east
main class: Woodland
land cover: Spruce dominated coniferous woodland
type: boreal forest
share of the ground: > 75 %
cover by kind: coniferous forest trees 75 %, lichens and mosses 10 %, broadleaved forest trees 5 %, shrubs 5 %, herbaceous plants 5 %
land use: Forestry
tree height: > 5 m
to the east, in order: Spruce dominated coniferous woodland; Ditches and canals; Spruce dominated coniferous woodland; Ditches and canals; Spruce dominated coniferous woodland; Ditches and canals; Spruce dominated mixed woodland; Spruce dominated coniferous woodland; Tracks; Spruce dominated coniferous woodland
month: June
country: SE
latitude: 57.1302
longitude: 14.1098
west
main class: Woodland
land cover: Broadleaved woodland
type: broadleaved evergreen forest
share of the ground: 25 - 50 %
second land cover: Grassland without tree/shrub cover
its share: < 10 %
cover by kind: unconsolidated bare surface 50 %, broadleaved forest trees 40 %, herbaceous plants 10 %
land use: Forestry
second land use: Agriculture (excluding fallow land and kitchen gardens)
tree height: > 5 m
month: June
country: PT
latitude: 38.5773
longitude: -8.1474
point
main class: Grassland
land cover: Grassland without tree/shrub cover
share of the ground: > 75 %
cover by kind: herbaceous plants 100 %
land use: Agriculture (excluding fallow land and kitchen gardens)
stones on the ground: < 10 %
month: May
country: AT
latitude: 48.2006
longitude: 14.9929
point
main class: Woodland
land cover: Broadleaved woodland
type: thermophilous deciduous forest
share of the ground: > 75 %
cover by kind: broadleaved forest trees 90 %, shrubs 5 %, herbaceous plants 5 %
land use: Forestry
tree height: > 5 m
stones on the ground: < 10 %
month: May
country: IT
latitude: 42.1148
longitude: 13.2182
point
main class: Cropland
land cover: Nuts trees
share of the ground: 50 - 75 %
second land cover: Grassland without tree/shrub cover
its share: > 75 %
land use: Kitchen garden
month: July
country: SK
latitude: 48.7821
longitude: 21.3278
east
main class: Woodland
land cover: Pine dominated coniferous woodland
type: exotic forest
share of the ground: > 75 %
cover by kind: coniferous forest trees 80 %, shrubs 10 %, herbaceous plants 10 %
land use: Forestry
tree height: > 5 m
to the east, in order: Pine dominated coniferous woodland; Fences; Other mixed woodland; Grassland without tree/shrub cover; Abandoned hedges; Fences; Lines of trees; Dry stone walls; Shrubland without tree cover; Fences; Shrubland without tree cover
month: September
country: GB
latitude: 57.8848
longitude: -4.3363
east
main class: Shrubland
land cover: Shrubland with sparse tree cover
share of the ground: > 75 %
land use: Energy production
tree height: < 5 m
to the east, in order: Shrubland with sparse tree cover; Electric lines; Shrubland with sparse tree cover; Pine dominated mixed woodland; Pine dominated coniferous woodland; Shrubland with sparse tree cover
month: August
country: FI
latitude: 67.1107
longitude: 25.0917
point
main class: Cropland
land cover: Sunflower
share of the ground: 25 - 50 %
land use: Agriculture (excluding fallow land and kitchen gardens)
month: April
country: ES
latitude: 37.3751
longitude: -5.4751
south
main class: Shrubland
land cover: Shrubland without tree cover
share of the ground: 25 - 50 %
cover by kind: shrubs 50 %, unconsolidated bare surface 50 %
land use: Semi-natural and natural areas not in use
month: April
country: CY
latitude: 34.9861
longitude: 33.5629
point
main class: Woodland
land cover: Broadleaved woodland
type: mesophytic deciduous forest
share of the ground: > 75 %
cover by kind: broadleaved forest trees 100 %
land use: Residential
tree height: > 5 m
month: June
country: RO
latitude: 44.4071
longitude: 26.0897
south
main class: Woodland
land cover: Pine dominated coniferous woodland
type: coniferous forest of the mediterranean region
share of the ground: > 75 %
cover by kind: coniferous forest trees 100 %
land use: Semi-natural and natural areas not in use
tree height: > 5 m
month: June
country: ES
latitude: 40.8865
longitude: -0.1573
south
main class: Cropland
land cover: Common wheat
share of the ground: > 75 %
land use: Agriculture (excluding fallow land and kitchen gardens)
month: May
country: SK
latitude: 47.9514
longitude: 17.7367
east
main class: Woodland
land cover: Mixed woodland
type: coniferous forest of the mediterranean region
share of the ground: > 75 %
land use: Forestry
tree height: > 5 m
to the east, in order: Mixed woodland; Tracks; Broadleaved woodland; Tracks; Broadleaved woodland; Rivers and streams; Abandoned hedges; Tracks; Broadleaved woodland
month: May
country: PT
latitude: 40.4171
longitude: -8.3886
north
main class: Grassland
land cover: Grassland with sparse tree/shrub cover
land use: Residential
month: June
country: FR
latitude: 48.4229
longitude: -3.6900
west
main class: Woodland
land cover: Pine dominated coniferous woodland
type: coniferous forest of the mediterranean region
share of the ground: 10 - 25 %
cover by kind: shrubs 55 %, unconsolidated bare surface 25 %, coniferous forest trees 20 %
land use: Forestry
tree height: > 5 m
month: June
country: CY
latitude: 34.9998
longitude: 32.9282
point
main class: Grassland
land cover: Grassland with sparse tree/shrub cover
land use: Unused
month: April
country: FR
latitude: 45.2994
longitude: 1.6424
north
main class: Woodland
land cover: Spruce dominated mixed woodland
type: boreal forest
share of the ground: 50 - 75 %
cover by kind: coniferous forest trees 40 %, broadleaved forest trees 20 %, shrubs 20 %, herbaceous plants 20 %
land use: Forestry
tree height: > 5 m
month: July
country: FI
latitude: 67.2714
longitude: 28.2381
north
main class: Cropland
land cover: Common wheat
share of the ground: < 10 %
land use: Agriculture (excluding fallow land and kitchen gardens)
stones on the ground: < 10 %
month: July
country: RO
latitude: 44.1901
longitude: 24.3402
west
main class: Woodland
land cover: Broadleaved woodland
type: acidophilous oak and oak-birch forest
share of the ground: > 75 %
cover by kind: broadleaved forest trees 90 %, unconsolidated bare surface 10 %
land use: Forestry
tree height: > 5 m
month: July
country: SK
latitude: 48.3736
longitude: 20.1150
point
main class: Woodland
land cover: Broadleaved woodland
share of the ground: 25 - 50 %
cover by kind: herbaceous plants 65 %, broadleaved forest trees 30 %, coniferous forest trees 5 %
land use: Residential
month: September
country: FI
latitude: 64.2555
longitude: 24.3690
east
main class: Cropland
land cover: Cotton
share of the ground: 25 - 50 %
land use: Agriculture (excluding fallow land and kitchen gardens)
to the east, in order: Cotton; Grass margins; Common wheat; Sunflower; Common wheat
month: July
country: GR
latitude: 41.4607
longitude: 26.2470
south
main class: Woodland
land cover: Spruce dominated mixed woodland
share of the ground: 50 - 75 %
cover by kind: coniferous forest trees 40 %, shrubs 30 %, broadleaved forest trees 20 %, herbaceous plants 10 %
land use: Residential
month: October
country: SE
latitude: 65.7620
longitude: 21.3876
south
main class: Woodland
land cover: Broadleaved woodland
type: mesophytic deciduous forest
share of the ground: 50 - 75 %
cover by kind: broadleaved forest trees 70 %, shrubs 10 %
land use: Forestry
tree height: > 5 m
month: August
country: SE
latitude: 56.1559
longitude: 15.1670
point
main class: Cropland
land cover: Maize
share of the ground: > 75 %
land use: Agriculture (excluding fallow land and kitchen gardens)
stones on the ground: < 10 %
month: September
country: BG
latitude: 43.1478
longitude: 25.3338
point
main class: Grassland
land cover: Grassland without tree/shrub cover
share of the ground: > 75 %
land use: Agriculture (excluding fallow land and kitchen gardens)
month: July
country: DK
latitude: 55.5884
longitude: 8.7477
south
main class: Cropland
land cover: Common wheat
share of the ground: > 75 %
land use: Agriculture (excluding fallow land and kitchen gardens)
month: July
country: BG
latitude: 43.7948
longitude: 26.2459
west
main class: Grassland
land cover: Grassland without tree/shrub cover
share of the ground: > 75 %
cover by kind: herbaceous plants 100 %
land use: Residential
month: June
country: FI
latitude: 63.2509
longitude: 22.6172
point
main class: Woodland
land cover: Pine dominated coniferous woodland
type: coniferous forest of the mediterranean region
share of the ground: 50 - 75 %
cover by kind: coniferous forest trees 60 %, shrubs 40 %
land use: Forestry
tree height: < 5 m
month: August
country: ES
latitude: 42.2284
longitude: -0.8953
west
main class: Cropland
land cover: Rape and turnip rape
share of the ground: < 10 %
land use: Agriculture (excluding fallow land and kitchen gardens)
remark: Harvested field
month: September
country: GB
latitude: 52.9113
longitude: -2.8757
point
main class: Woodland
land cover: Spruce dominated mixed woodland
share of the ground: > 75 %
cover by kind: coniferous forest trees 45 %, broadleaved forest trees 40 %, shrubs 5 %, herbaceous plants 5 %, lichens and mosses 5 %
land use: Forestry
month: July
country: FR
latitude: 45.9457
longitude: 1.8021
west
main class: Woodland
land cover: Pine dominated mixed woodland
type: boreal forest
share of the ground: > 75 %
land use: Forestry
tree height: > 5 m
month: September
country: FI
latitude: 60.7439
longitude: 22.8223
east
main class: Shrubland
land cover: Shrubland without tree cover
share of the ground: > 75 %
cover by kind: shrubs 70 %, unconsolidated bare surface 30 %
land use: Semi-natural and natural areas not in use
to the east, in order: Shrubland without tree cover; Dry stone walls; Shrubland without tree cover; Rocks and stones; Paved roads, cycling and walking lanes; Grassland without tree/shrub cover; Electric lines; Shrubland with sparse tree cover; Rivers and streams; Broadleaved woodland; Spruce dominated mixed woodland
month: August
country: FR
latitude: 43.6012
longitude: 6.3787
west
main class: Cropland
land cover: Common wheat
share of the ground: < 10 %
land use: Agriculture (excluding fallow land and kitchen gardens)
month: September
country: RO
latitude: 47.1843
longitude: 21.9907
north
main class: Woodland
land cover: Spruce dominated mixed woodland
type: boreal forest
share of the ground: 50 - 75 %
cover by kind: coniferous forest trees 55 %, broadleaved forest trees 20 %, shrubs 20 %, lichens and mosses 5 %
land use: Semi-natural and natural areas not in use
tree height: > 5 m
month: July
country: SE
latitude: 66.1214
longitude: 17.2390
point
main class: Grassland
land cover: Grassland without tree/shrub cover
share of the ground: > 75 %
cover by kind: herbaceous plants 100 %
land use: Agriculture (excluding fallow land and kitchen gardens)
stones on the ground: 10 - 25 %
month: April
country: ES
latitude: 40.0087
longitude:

→ **REQUIRED WORK**
Search the material for the string "sparse" and return each line that has it.

→ **EXPECTED ANSWER**
land cover: Shrubland with sparse tree cover
to the east, in order: Shrubland with sparse tree cover; Electric lines; Shrubland with sparse tree cover; Pine dominated mixed woodland; Pine dominated coniferous woodland; Shrubland with sparse tree cover
land cover: Grassland with sparse tree/shrub cover
land cover: Grassland with sparse tree/shrub cover
to the east, in order: Shrubland without tree cover; Dry stone walls; Shrubland without tree cover; Rocks and stones; Paved roads, cycling and walking lanes; Grassland without tree/shrub cover; Electric lines; Shrubland with sparse tree cover; Rivers and streams; Broadleaved woodland; Spruce dominated mixed woodland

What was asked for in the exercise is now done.